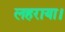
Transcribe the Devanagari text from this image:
लहराया।
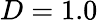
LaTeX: D=1.0
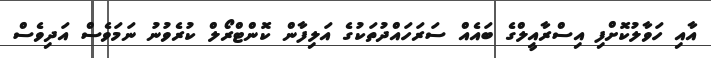
އާއި ހަވާލުކޮށްފި އިސްރާއީލްގެ ބައެއް ސަރަހައްދުތަކުގެ އަލިފާން ކޮންޓްރޯލް ކުރެވުނު ނަމަވެސް އަދިވެސް
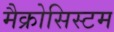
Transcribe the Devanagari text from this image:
मैक्रोसिस्टम
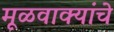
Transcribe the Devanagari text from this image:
मूळवाक्यांचे
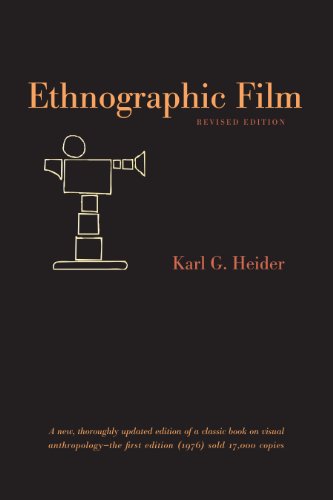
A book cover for Ethnographic Film: Revised Edition; Karl G. Heider; Humor & Entertainment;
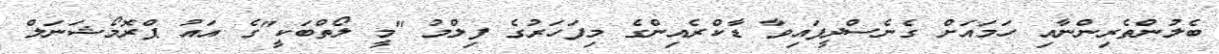
ބެލުންތެރިންނާއި ހަމައަށް ގެނެސްދީފައިވާ ޑާކްރެއިންގެ މިފަހަރުގެ ފިލްމު "މީ ލޯތްބަކީ"ގެ އައު ޕްރޮމޯޝަނަލް
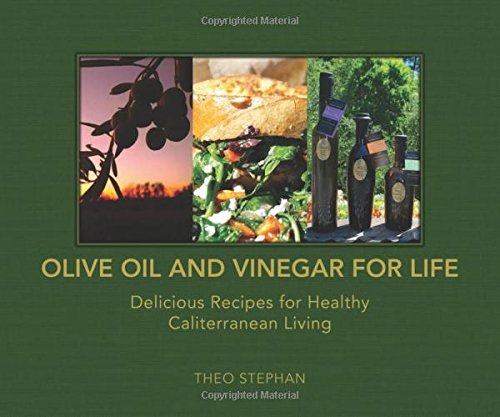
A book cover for Olive Oil and Vinegar for Life: Delicious Recipes for Healthy Caliterranean Living; Theo Stephan; Cookbooks, Food & Wine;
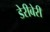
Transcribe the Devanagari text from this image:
डेरीबेरी
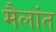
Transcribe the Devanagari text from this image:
मैलांत
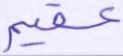
عقيم
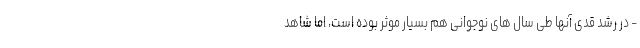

------------------------------------

- [Work order]: Return the full listing exactly as written, without any of its images.

- [Your response]:
Transcribe the Devanagari text from this image:
लहराया।
LaTeX: D=1.0
އާއި ހަވާލުކޮށްފި އިސްރާއީލްގެ ބައެއް ސަރަހައްދުތަކުގެ އަލިފާން ކޮންޓްރޯލް ކުރެވުނު ނަމަވެސް އަދިވެސް
Transcribe the Devanagari text from this image:
मैक्रोसिस्टम
Transcribe the Devanagari text from this image:
मूळवाक्यांचे
A book cover for Ethnographic Film: Revised Edition; Karl G. Heider; Humor & Entertainment;
ބެލުންތެރިންނާއި ހަމައަށް ގެނެސްދީފައިވާ ޑާކްރެއިންގެ މިފަހަރުގެ ފިލްމު "މީ ލޯތްބަކީ"ގެ އައު ޕްރޮމޯޝަނަލް
A book cover for Olive Oil and Vinegar for Life: Delicious Recipes for Healthy Caliterranean Living; Theo Stephan; Cookbooks, Food & Wine;
Transcribe the Devanagari text from this image:
डेरीबेरी
Transcribe the Devanagari text from this image:
मैलांत
عقيم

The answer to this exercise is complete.